Copy out exactly the lines from the start of the data to the line containing "land use: Agriculture". Include both.

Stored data
# # #
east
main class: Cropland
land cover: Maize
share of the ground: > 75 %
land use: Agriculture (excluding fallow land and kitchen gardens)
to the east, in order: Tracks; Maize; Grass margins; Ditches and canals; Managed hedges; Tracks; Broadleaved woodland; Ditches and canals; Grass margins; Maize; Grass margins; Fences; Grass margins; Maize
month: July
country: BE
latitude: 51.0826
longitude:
# # #
▶ Answer space
east
main class: Cropland
land cover: Maize
share of the ground: > 75 %
land use: Agriculture (excluding fallow land and kitchen gardens)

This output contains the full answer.